* [Work task]:
Output the opening lines of the records exactly. End with the line that contains "hefur myndast við".

Data items

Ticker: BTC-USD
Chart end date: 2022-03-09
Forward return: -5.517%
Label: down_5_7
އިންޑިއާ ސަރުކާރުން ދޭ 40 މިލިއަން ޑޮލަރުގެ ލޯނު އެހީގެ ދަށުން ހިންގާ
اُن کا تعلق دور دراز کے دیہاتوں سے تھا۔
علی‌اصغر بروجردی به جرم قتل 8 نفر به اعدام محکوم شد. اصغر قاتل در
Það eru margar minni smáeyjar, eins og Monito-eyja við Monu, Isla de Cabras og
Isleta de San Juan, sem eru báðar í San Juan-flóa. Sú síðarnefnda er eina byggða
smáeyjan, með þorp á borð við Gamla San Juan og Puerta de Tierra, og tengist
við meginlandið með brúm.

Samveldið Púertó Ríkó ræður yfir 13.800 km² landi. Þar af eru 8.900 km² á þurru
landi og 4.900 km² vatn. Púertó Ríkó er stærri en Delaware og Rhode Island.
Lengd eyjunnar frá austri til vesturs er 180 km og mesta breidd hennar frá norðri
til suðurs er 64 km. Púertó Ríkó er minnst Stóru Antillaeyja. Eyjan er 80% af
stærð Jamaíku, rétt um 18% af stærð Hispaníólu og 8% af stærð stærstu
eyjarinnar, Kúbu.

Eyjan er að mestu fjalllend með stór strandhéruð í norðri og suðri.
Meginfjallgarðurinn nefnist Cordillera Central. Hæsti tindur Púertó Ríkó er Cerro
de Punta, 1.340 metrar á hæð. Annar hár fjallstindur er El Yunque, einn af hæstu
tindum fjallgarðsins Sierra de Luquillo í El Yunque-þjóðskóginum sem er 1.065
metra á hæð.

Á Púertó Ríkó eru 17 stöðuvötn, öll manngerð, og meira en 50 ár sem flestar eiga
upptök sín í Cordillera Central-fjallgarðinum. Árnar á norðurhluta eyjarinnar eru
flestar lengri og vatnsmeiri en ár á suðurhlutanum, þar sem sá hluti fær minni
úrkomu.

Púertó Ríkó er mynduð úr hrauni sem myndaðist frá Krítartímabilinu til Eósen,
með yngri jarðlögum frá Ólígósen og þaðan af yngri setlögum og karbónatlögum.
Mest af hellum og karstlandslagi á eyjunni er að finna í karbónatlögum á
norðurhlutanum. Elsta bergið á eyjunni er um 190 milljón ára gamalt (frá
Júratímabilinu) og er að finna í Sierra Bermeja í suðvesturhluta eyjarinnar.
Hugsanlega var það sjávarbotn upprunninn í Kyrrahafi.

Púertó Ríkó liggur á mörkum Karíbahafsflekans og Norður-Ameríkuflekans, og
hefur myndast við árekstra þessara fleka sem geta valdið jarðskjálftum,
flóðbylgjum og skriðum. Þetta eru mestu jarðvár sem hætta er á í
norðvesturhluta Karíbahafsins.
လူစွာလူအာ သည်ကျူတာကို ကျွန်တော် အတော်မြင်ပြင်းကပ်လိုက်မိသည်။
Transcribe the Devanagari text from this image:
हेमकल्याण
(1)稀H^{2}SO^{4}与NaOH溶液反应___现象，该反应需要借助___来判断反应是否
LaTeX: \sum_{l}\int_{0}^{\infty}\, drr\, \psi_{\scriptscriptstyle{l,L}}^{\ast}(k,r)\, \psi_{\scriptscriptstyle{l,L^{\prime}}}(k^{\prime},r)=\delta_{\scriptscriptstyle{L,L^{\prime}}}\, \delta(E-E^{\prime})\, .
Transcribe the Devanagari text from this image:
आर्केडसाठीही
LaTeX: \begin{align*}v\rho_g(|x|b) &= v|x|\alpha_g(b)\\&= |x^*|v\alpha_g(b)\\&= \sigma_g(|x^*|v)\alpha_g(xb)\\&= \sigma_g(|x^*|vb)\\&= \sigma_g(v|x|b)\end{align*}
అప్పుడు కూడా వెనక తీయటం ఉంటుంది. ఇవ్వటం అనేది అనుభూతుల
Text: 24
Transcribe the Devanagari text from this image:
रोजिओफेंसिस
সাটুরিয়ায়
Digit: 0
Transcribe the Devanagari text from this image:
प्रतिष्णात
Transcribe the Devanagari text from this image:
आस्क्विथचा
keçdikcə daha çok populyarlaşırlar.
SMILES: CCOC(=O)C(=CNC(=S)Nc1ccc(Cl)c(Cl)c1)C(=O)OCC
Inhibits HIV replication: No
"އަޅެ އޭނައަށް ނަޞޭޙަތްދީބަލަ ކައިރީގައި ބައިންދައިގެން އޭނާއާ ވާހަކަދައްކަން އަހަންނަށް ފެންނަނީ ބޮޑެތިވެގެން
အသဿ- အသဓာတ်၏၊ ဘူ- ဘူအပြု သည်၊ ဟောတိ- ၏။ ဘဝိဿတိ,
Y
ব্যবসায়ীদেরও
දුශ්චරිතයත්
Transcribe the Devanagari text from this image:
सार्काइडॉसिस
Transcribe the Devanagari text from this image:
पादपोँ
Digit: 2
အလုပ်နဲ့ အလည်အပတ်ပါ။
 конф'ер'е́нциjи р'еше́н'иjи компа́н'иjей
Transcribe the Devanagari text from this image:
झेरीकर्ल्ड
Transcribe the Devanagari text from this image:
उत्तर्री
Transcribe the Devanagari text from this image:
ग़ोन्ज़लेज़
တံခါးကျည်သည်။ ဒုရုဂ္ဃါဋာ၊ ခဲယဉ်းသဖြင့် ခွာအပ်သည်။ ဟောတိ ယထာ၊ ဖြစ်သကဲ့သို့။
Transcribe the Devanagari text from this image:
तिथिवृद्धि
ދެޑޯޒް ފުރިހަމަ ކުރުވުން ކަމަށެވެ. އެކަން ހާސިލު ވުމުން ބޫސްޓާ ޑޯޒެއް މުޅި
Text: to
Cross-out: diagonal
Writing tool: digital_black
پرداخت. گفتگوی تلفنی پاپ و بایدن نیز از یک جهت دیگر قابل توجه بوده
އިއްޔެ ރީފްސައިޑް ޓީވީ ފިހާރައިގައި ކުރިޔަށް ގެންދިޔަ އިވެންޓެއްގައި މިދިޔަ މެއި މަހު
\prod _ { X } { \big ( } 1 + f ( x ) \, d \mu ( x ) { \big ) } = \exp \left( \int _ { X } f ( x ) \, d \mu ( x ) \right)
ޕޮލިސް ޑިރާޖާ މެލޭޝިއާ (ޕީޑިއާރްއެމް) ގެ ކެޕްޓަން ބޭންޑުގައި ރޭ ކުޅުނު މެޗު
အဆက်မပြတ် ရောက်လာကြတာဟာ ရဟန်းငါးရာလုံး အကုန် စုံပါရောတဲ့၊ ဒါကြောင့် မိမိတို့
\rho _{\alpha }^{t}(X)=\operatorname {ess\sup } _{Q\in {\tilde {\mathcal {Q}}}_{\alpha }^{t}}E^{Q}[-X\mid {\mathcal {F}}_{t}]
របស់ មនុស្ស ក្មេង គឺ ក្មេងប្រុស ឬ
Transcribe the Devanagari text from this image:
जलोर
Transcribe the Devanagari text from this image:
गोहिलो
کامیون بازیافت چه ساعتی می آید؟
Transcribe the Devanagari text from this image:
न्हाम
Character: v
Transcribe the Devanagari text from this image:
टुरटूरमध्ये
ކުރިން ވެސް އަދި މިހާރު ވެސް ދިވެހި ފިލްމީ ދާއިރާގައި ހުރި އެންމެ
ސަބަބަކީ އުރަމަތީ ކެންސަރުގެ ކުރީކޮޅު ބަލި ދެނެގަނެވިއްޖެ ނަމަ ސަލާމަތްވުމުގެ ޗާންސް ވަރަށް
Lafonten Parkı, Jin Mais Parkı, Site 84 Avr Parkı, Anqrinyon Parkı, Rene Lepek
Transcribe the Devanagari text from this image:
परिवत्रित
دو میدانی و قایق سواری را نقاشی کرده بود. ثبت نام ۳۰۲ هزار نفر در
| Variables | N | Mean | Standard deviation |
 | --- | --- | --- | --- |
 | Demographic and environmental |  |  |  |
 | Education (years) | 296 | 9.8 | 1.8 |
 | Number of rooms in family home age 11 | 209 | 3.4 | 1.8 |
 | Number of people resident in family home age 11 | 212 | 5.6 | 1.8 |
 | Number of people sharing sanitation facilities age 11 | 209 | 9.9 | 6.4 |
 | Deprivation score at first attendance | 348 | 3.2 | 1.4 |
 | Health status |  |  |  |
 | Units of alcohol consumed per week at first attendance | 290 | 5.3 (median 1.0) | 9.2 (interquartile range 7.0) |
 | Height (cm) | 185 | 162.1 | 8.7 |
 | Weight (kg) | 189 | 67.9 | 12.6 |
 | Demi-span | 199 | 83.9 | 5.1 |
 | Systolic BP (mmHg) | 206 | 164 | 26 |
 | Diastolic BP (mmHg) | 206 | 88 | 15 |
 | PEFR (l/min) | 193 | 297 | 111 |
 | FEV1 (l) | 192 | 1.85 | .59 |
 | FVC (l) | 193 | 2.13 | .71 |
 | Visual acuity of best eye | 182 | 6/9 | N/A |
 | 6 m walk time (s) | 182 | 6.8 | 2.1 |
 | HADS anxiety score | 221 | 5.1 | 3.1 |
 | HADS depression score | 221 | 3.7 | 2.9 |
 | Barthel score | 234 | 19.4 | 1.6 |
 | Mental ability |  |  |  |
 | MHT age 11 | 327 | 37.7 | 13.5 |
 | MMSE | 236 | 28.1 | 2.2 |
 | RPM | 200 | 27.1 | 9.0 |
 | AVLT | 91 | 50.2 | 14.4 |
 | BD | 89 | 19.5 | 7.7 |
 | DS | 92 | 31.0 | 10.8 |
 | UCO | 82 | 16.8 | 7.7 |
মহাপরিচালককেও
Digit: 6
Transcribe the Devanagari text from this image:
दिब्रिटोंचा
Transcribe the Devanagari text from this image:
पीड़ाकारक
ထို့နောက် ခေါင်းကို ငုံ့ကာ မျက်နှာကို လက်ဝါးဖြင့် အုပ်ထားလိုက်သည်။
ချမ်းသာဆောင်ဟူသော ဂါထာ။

* [Solution to the problem]:
Ticker: BTC-USD
Chart end date: 2022-03-09
Forward return: -5.517%
Label: down_5_7
އިންޑިއާ ސަރުކާރުން ދޭ 40 މިލިއަން ޑޮލަރުގެ ލޯނު އެހީގެ ދަށުން ހިންގާ
اُن کا تعلق دور دراز کے دیہاتوں سے تھا۔
علی‌اصغر بروجردی به جرم قتل 8 نفر به اعدام محکوم شد. اصغر قاتل در
Það eru margar minni smáeyjar, eins og Monito-eyja við Monu, Isla de Cabras og
Isleta de San Juan, sem eru báðar í San Juan-flóa. Sú síðarnefnda er eina byggða
smáeyjan, með þorp á borð við Gamla San Juan og Puerta de Tierra, og tengist
við meginlandið með brúm.

Samveldið Púertó Ríkó ræður yfir 13.800 km² landi. Þar af eru 8.900 km² á þurru
landi og 4.900 km² vatn. Púertó Ríkó er stærri en Delaware og Rhode Island.
Lengd eyjunnar frá austri til vesturs er 180 km og mesta breidd hennar frá norðri
til suðurs er 64 km. Púertó Ríkó er minnst Stóru Antillaeyja. Eyjan er 80% af
stærð Jamaíku, rétt um 18% af stærð Hispaníólu og 8% af stærð stærstu
eyjarinnar, Kúbu.

Eyjan er að mestu fjalllend með stór strandhéruð í norðri og suðri.
Meginfjallgarðurinn nefnist Cordillera Central. Hæsti tindur Púertó Ríkó er Cerro
de Punta, 1.340 metrar á hæð. Annar hár fjallstindur er El Yunque, einn af hæstu
tindum fjallgarðsins Sierra de Luquillo í El Yunque-þjóðskóginum sem er 1.065
metra á hæð.

Á Púertó Ríkó eru 17 stöðuvötn, öll manngerð, og meira en 50 ár sem flestar eiga
upptök sín í Cordillera Central-fjallgarðinum. Árnar á norðurhluta eyjarinnar eru
flestar lengri og vatnsmeiri en ár á suðurhlutanum, þar sem sá hluti fær minni
úrkomu.

Púertó Ríkó er mynduð úr hrauni sem myndaðist frá Krítartímabilinu til Eósen,
með yngri jarðlögum frá Ólígósen og þaðan af yngri setlögum og karbónatlögum.
Mest af hellum og karstlandslagi á eyjunni er að finna í karbónatlögum á
norðurhlutanum. Elsta bergið á eyjunni er um 190 milljón ára gamalt (frá
Júratímabilinu) og er að finna í Sierra Bermeja í suðvesturhluta eyjarinnar.
Hugsanlega var það sjávarbotn upprunninn í Kyrrahafi.

Púertó Ríkó liggur á mörkum Karíbahafsflekans og Norður-Ameríkuflekans, og
hefur myndast við árekstra þessara fleka sem geta valdið jarðskjálftum,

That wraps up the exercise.